We need truth from our school board, not truthiness'
Frederick County Public Schools employees and retirees will receive a "rebate" payment from the FCPS self-insurance fund. But is the payment a true rebate, as the president of the Board of Education recently insisted, or is it a bonus?
According to FCPS budget documents: "Frederick County Public Schools operates the Self Insurance Fund to provide health, dental, vision and pharmacy services for employees. Claims processing and some administrative services are administered by a third party administrator. The FCPS purchases Stop-loss coverage as a way to reduce risk of the very high insurance claims. A reserve fund is also maintained to offset periods when claims are higher than anticipated."
Looking at www.fcps.org/budget for fiscal 2010, the fund has an approved operating revenue of $63 million (up from $46 million for fiscal 2006). For every $100 in revenue into the fund, employees/retirees contribute $19 in premiums and taxpayers contribute the remaining $81.
So the FCPS self-insurance fund does not operate solely on the premiums collected from employees/retirees, but rather is significantly subsidized and funded by you, the taxpayer.
On June 9, 2010, the Board of Education voted for a fiscal 2011 self-insurance budget of $67,715,179, or $3,210,179 more than the fiscal 2010 budget. The fiscal 2011 budget document for the self-insurance fund (viewable at url2url.com/25) includes this very curious line item: An additional "transfer from general fund" of $2.7 million (in addition to the "general fund contribution" of $46,084,922).
On July 1, 2010, fiscal 2011 started for FCPS.
On Aug. 11, 2010, the Board of Education ratified the FCTA (Frederick County Teachers Association) agreement. It included a clause where approximately $6 million in "overpayments" to the self-insurance fund would be dispersed: $3 million to employees/retirees in the form of a rebate and $3 million to the Board of Education as a rebate for future fiscals 2011 and 2012 budget needs.

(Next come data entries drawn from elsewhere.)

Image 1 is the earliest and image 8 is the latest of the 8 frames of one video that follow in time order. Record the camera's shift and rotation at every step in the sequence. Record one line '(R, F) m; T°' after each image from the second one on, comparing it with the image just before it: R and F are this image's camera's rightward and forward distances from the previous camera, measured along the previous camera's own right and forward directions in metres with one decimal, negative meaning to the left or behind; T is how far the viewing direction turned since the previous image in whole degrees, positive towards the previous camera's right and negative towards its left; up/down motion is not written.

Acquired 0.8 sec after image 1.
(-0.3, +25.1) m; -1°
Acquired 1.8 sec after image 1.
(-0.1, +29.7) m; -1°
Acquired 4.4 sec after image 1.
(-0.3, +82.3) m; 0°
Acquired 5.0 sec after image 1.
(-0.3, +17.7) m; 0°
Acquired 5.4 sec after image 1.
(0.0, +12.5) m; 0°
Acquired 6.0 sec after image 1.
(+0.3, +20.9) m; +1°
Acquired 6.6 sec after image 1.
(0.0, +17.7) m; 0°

Whoa! On June 9, the board votes to transfer $2.7 million into the fund for the fiscal year starting July 1, but then on Aug. 11 the board votes to remove $3 million from the fund, calling it a rebate to themselves?
Write a check to yourself for $10,000 and deposit it into your checking account and then you will understand what is going on here.

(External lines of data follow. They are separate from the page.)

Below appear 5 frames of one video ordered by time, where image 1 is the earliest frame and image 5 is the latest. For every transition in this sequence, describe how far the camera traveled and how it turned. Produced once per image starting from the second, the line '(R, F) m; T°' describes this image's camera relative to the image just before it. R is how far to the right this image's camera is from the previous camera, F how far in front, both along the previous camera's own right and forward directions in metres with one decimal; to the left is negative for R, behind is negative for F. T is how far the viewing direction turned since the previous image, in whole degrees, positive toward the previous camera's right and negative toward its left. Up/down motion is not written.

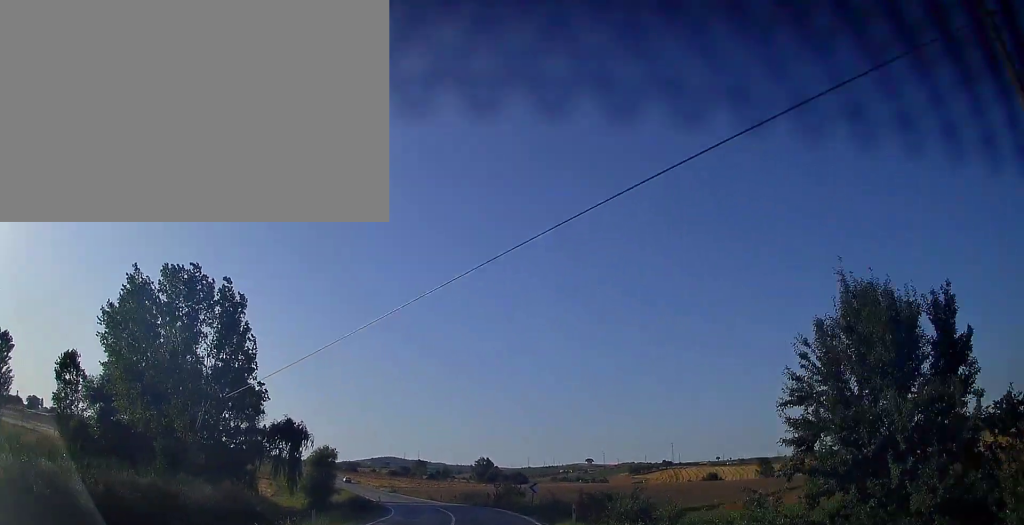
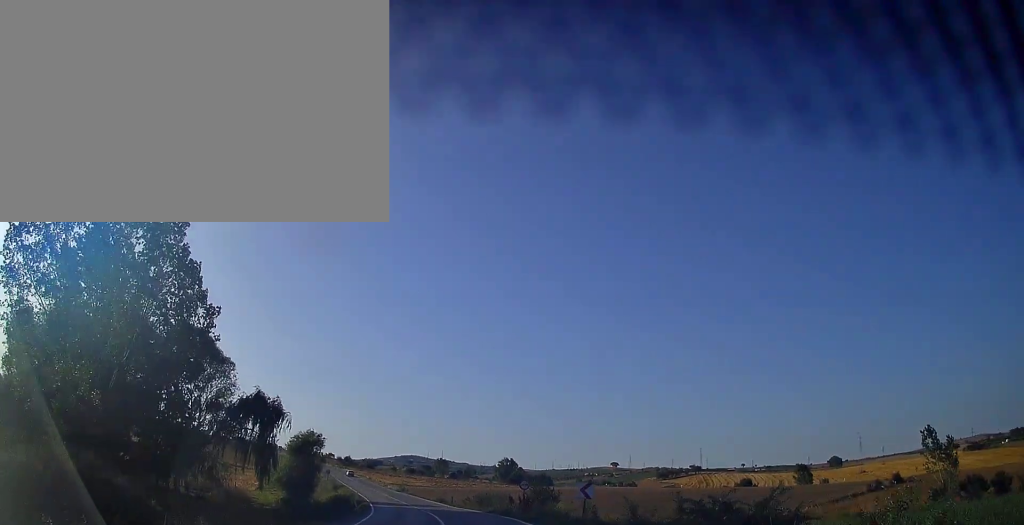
(-0.1, +14.5) m; -2°
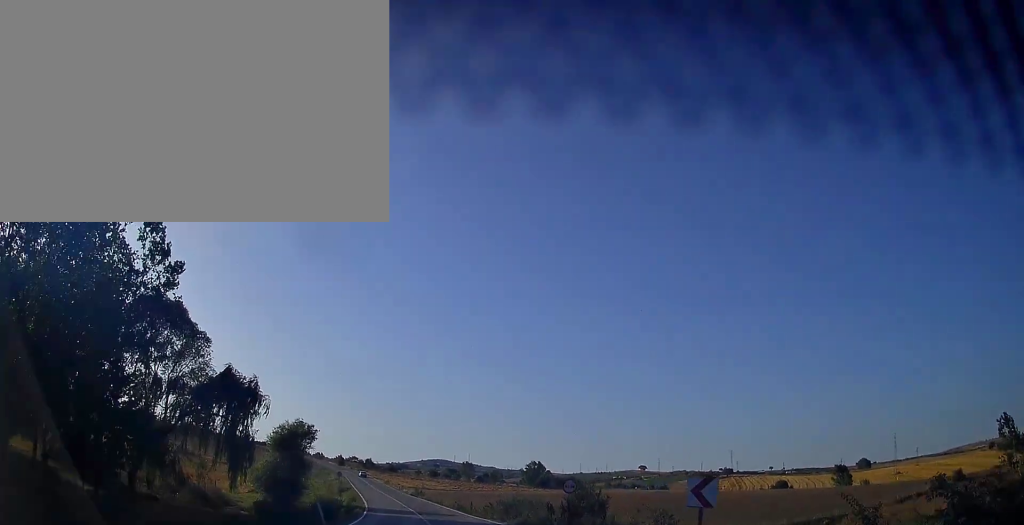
(-0.2, +10.7) m; -2°
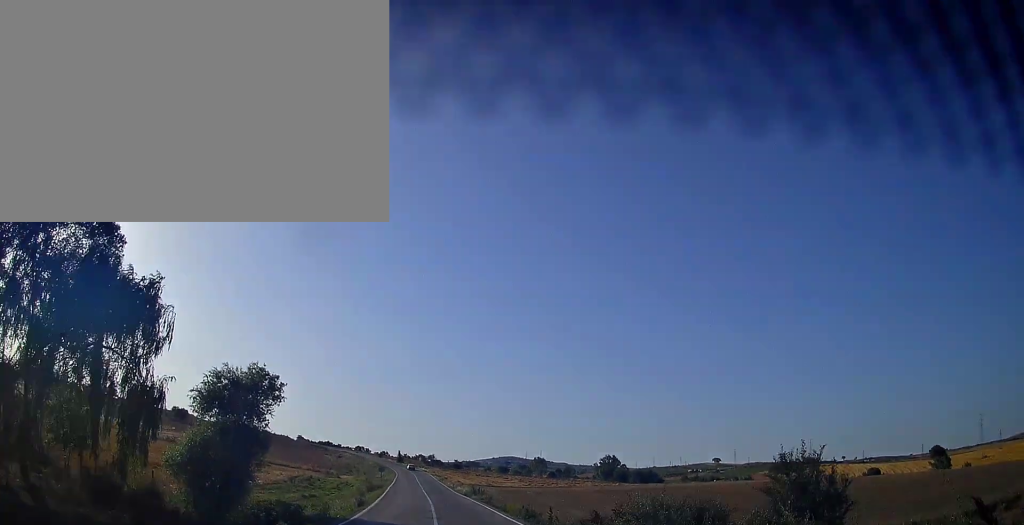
(-0.7, +20.8) m; -5°
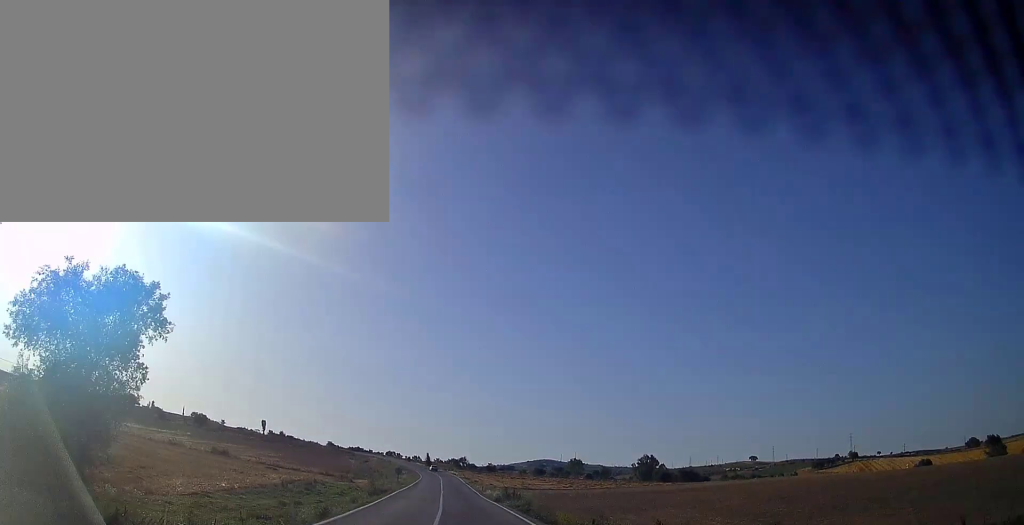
(-0.4, +12.7) m; -3°

So the transfer of funds to the self-insurance fund, and then immediate transfer of money from the fund was nothing more than an accounting trick.
Money to and from the board is pretty much of a wash. But that still leaves $3 million being dispersed to employees and retirees.
For every $100 leaving the fund, $19 is an actual rebate of premiums, but $81 is taxpayer money, being used as a bonus.
The core issue at hand is not that there was a rebate. The public understands rebates (you get back part/all of what you paid; not more than you paid in). The core issue is not even that there was a bonus. Many might even agree with the bonus.
Rather, the core issue at hand is that the leadership of our Board of Education felt it necessary employ an "accounting trick" to hide the fact that the board was not truly receiving $3 million from the insurance fund!
The president of the Board of Education calls their activities "transparency in government" for which they should earn an "A" grade. I call it obfuscation and deception and a total breakdown in the integrity and the "public trust" of the current Board of Education leadership.
It is time to elect new board members who will insist on transparency within the school system, likely even creating a school system policy (school law) to enforce true transparency.
The public deserves to hear the "truth" from our Board of Education and not the "truthiness" being spoon-fed to us.